Related to this, I think they also should understand that diabetes can be hard on a patient psychologically. Dealing with the stresses day after day just wears on us sometimes. I think it's important for doctors to feel their patients out, actually ask us how we're feeling and whether we're having problems coping, especially if the doctors notice an unexplained change in our A1C, or see we're testing less frequently...

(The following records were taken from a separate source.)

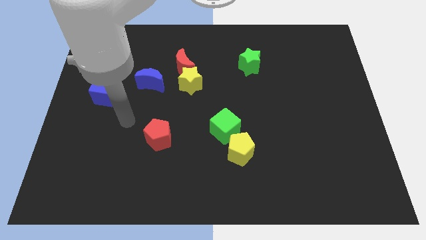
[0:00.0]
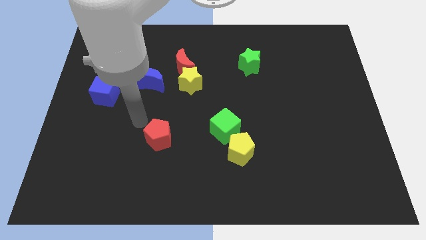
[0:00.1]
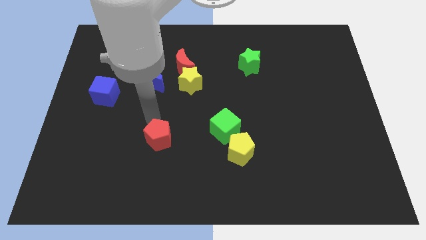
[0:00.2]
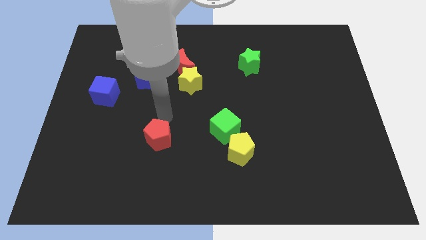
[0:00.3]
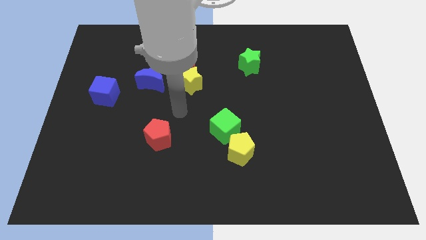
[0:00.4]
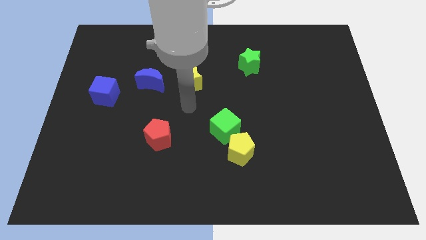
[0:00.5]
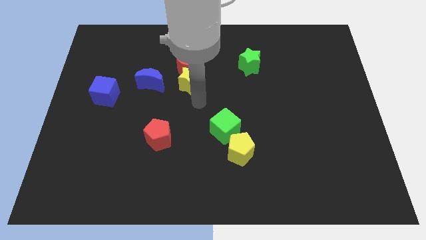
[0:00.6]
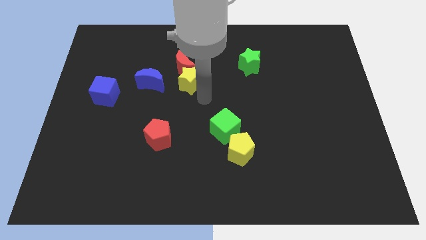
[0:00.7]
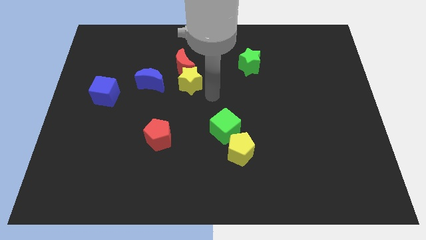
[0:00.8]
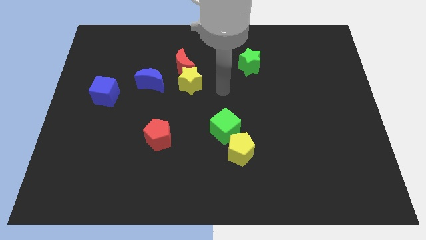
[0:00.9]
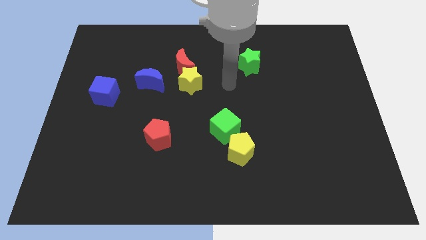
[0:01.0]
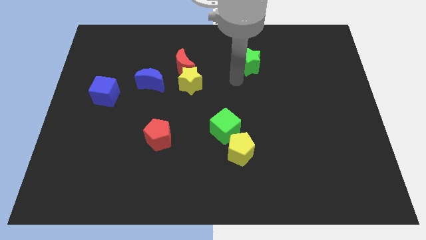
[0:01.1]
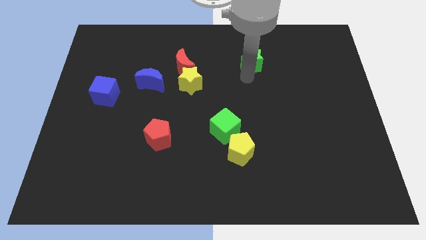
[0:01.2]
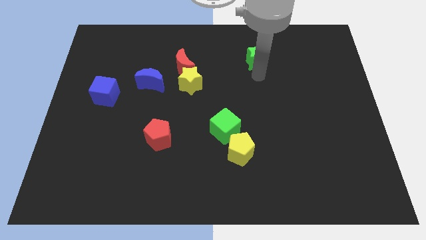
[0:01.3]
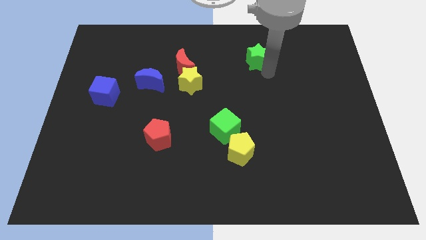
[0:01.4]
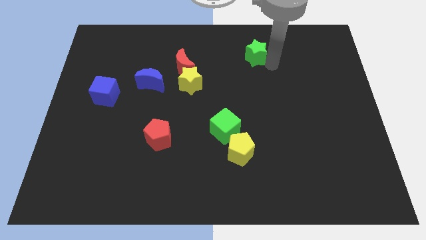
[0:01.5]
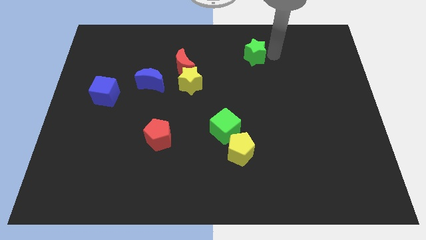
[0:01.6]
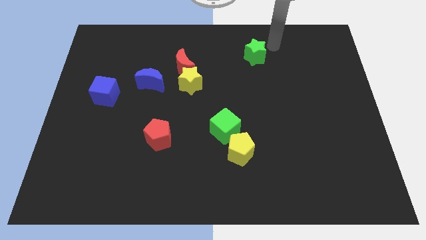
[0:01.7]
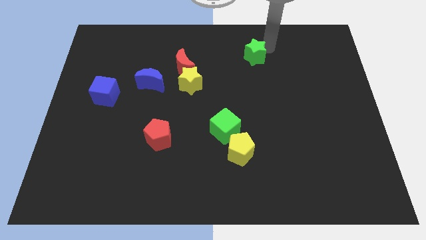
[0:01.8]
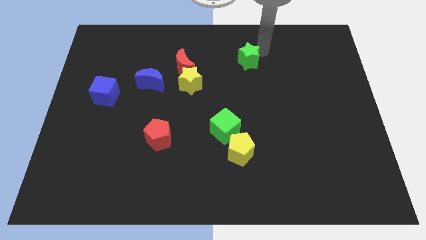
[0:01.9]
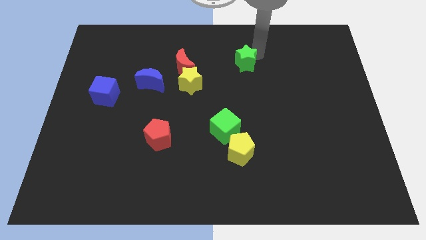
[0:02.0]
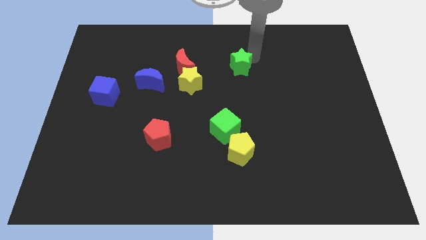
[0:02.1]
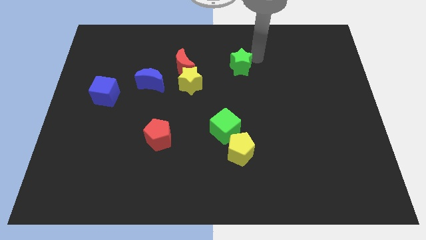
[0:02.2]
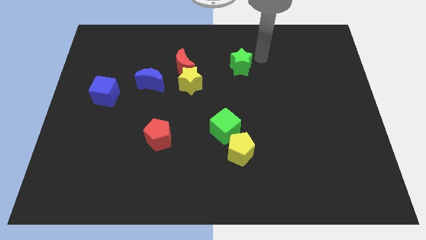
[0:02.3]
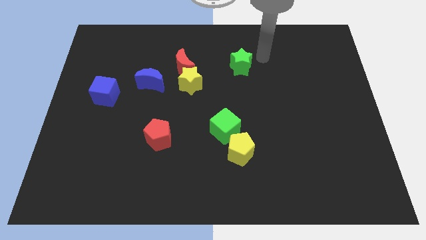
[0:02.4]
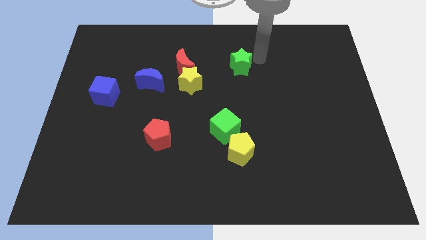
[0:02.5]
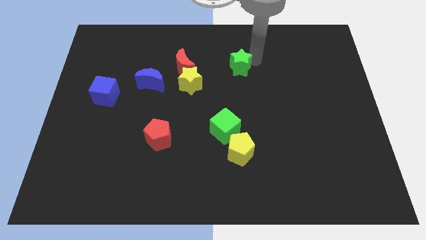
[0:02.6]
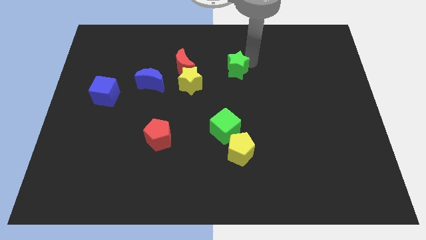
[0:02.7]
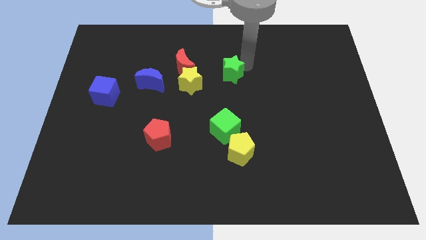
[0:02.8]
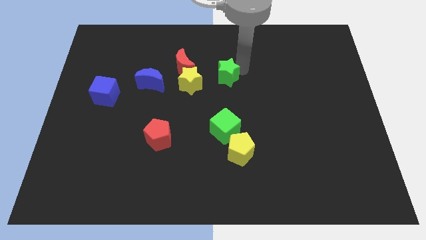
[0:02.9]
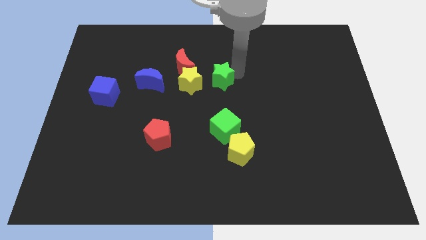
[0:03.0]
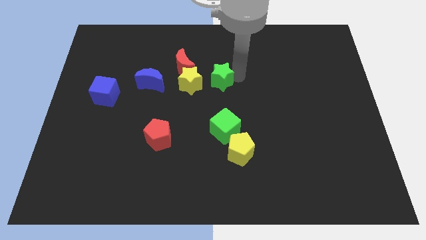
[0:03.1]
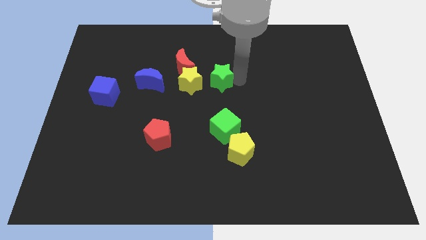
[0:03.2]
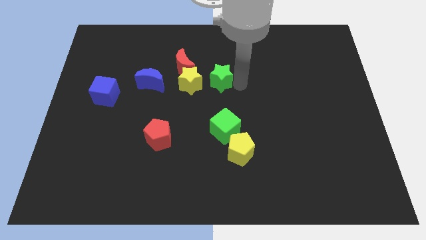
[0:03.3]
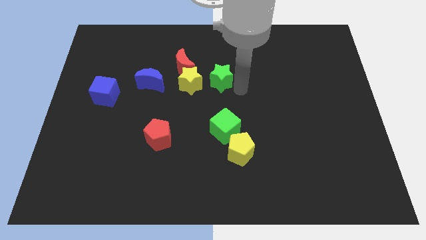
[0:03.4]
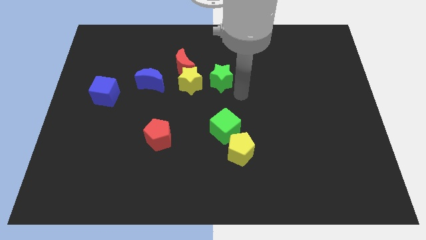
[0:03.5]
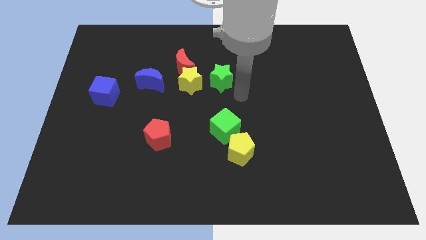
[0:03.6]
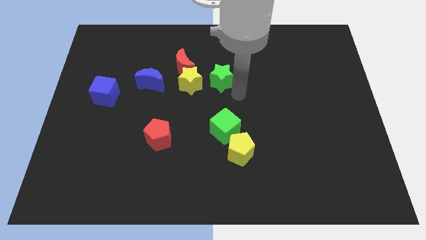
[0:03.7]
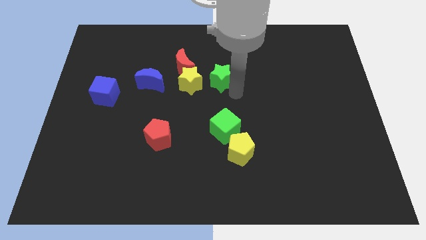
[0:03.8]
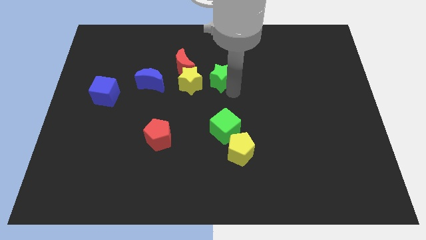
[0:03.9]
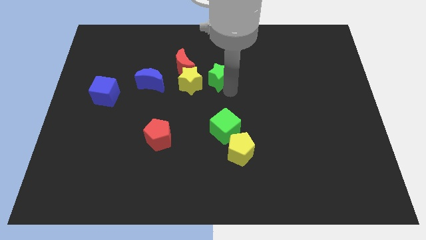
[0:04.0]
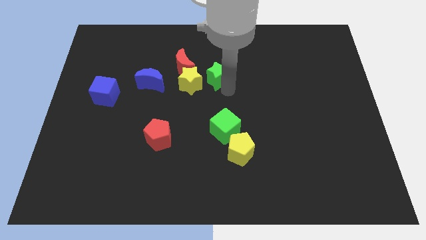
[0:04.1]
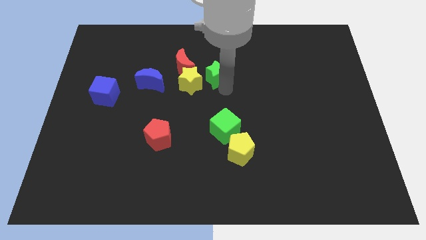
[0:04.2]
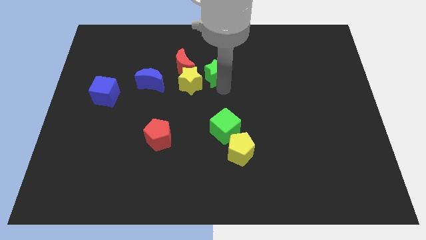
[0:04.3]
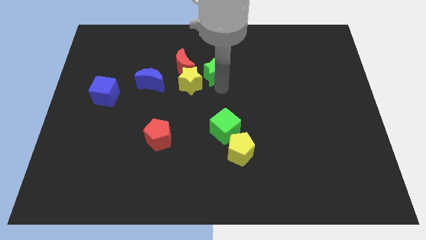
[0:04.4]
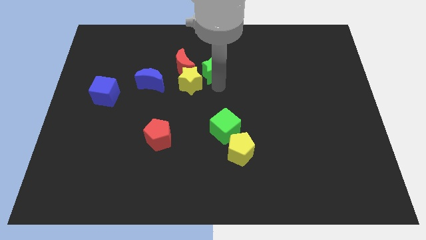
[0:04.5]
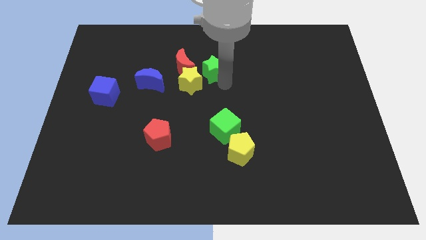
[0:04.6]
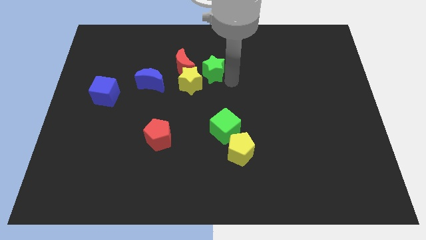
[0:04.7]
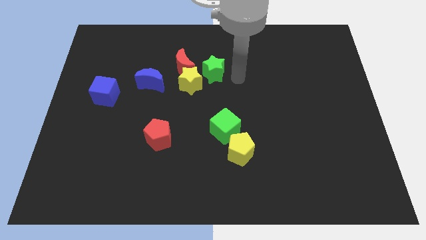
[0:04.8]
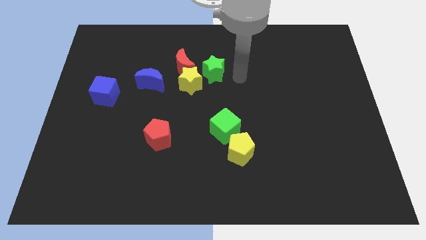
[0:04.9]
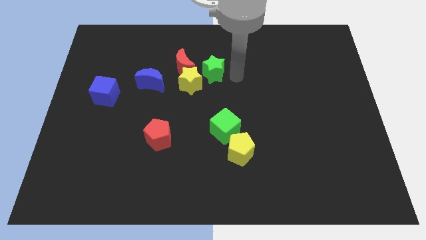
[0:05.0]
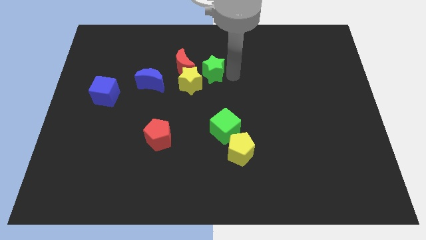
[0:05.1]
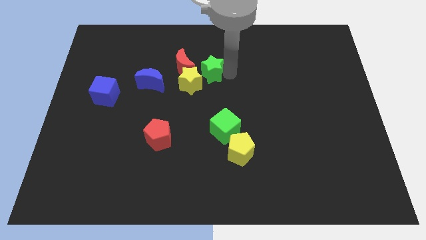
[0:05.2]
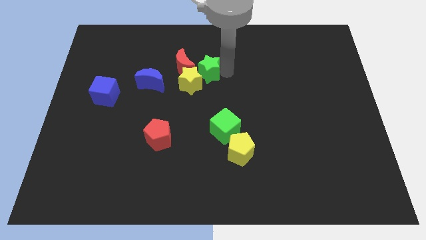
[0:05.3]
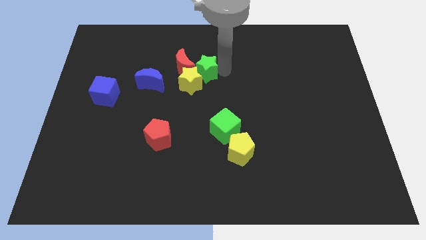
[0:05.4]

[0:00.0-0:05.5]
put the green star close to the red moon

Good luck, k2. Hope you'll write and tell us how it went!

Rachel said...

That some of us diagnosed with T2 under 50 can AND do make necessary lifestyle changes to warrant safe A1C levels under 6.0%. :)

Karen said...

I would say please guide me but do not dictate to me. That is exactly what my endo does and it's why we get along so well. He let me know that he thought pumping would be the best thing for me, but he didn't force me. He let me come around to the idea in my own time. And I think that is exactly why pumping worked so well for me from the start. It wasn't forced on me - I asked for it when I was ready to give it a real shot.

Jeff said...

Congrats! You'll do us proud.

I think everyone has come up with some great suggestions, and I'll just add this: If you get a sense that some of your patients can handle some science, throw everything you've got at 'em. You know a lot more than we do about how our bodies' systems work, but we make 99% of all the decisions. Help us understand as much as we can about what's going on with our juices.

Unknown said...

Awesome Kelly!

Wow - so many great comments already. I don't have anything real specific to add, other than that I totally trust you to preach for us. :-)

Jim said...

Thanks Kelly for speaking for US, all of US. I am having a hard time coming up with anything else to say. Maybe because I feel so fortunate to have a wonderful Endo and Family Practitioner, whom BTW, actually TALK with EACH OTHER and WITH ME not AT me. They both take an interest in the D and what I am doing with it. Yes I get yelled at when I fall off the wagon but they both support me and help me get back up on that horse that just kicked me in the teeth. Maybe that is what I have to add. It's a team effort.

Chris said...

I would ask them to please educate us on what treatment options/diets/exercise regimes etc etc are possible (because there are LOTS) and help us come up with our own goals for our management based on OUR priorities, not the goals/priorities of a big monolithic organization that has never met us. Give us choices and make us feel like we're in control, because we're the people who have to actually DO everything and we're the ones who have to live with the results.